> ACTION ITEM
Start at the first line below and write out everything verbatim except the pictures.

______________________________

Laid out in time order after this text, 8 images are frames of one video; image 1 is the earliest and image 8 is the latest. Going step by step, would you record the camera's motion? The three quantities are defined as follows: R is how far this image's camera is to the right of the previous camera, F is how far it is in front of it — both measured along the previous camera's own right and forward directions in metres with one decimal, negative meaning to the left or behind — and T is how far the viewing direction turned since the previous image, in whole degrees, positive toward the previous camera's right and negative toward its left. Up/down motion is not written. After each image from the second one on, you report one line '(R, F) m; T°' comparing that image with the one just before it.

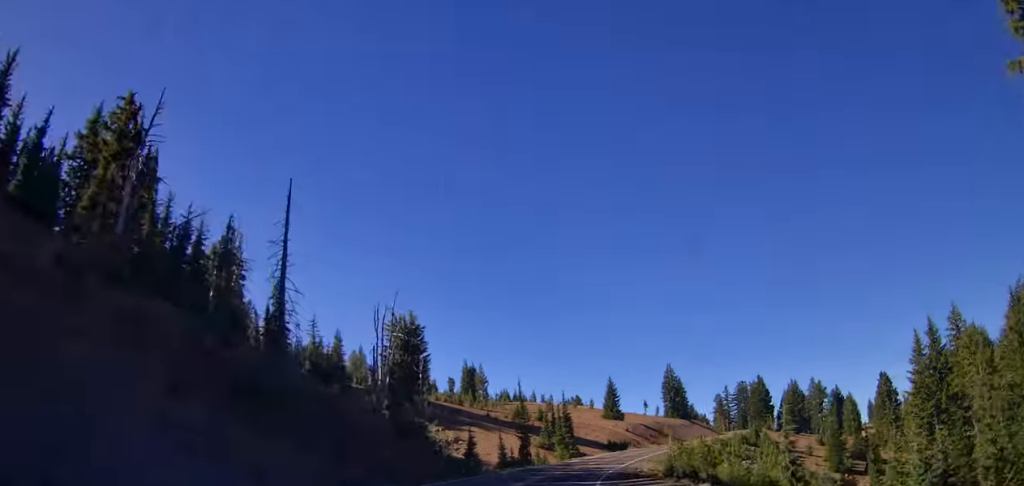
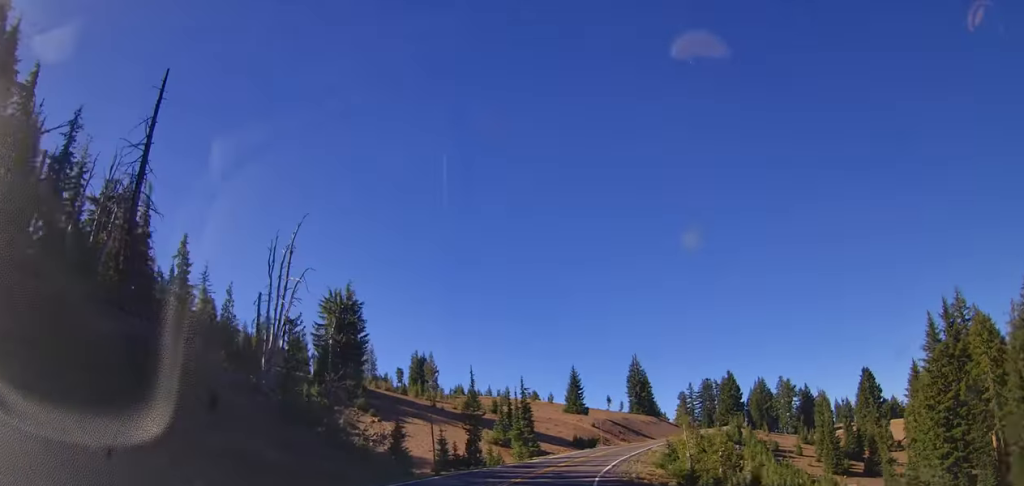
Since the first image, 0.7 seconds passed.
(+2.1, +13.3) m; +8°
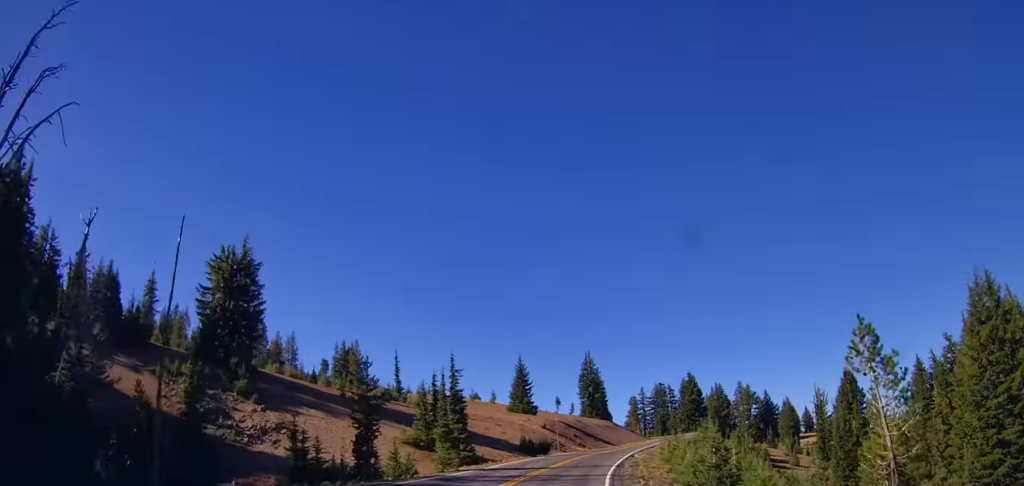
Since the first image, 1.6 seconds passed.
(+0.3, +18.7) m; +1°
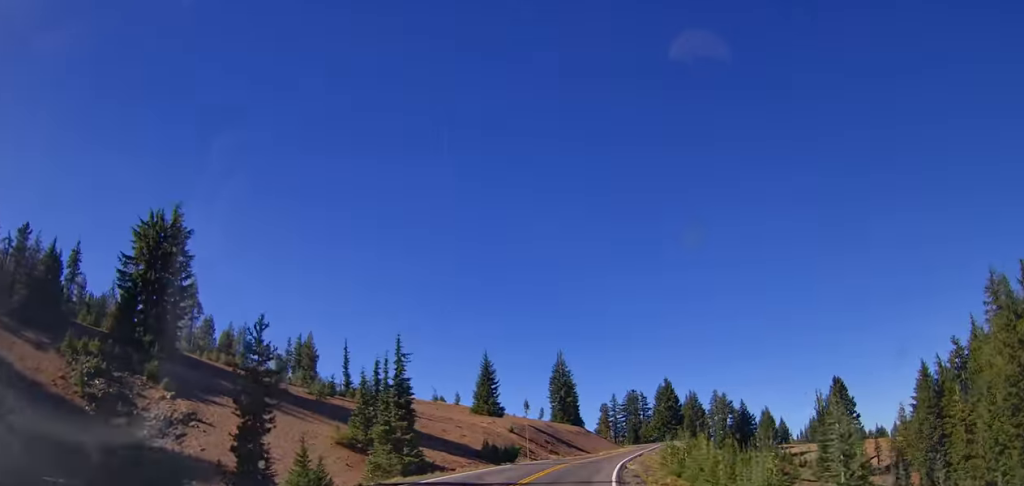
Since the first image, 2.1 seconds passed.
(0.0, +9.9) m; 0°
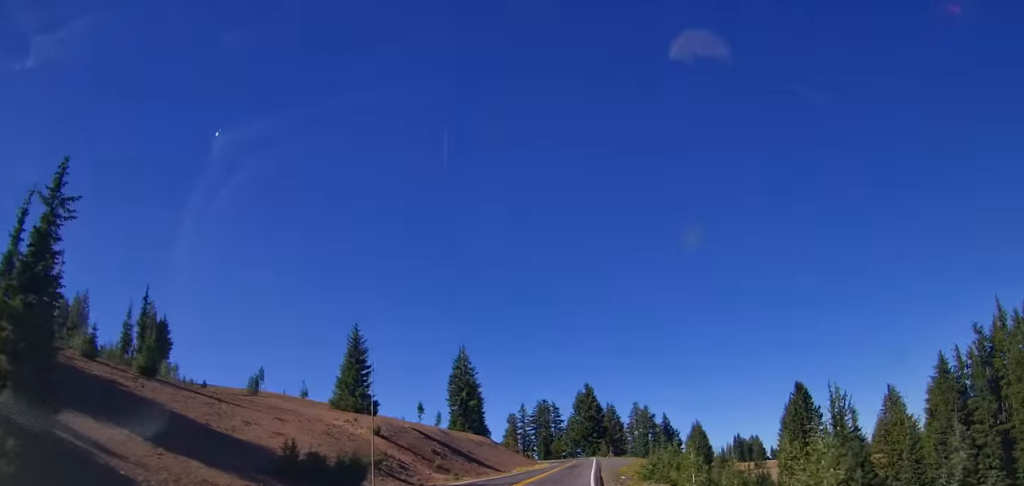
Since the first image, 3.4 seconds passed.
(0.0, +25.6) m; 0°
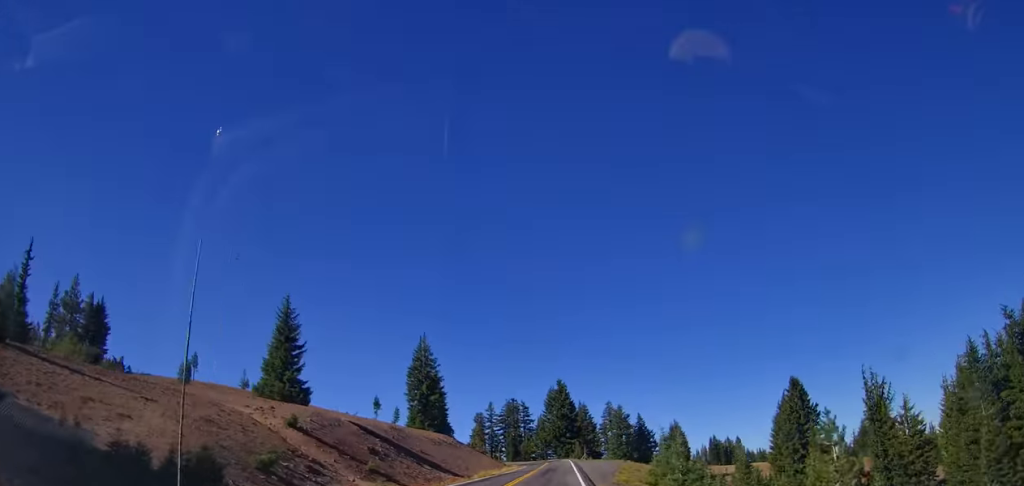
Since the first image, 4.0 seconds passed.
(0.0, +11.1) m; 0°
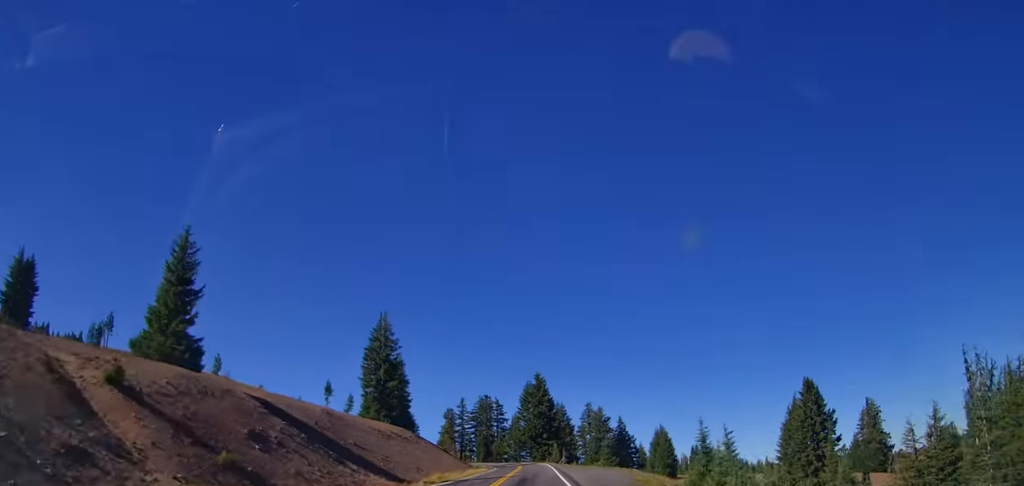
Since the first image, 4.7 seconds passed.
(0.0, +14.3) m; 0°
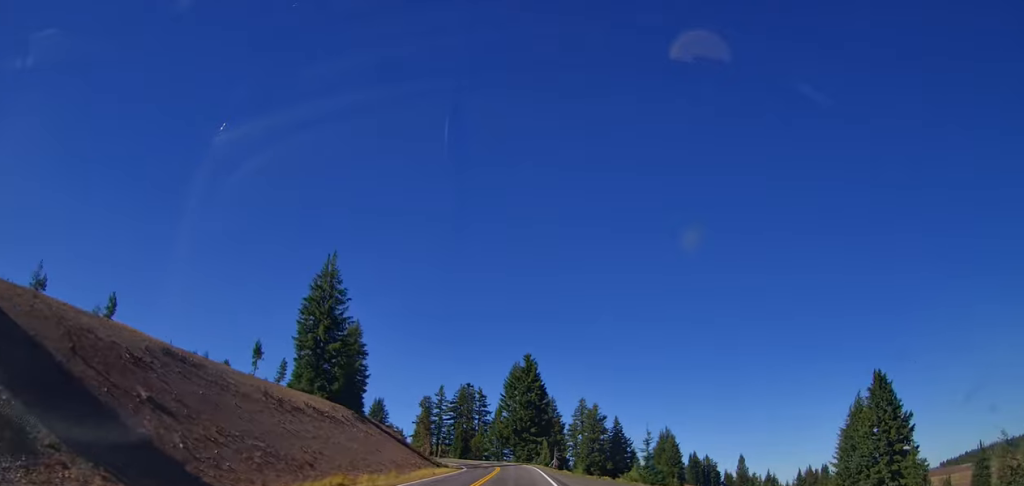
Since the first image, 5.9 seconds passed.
(0.0, +22.6) m; 0°

______________________________

> EXERCISE ANSWER
Laid out in time order after this text, 8 images are frames of one video; image 1 is the earliest and image 8 is the latest. Going step by step, would you record the camera's motion? The three quantities are defined as follows: R is how far this image's camera is to the right of the previous camera, F is how far it is in front of it — both measured along the previous camera's own right and forward directions in metres with one decimal, negative meaning to the left or behind — and T is how far the viewing direction turned since the previous image, in whole degrees, positive toward the previous camera's right and negative toward its left. Up/down motion is not written. After each image from the second one on, you report one line '(R, F) m; T°' comparing that image with the one just before it.

Since the first image, 0.7 seconds passed.
(+2.1, +13.3) m; +8°
Since the first image, 1.6 seconds passed.
(+0.3, +18.7) m; +1°
Since the first image, 2.1 seconds passed.
(0.0, +9.9) m; 0°
Since the first image, 3.4 seconds passed.
(0.0, +25.6) m; 0°
Since the first image, 4.0 seconds passed.
(0.0, +11.1) m; 0°
Since the first image, 4.7 seconds passed.
(0.0, +14.3) m; 0°
Since the first image, 5.9 seconds passed.
(0.0, +22.6) m; 0°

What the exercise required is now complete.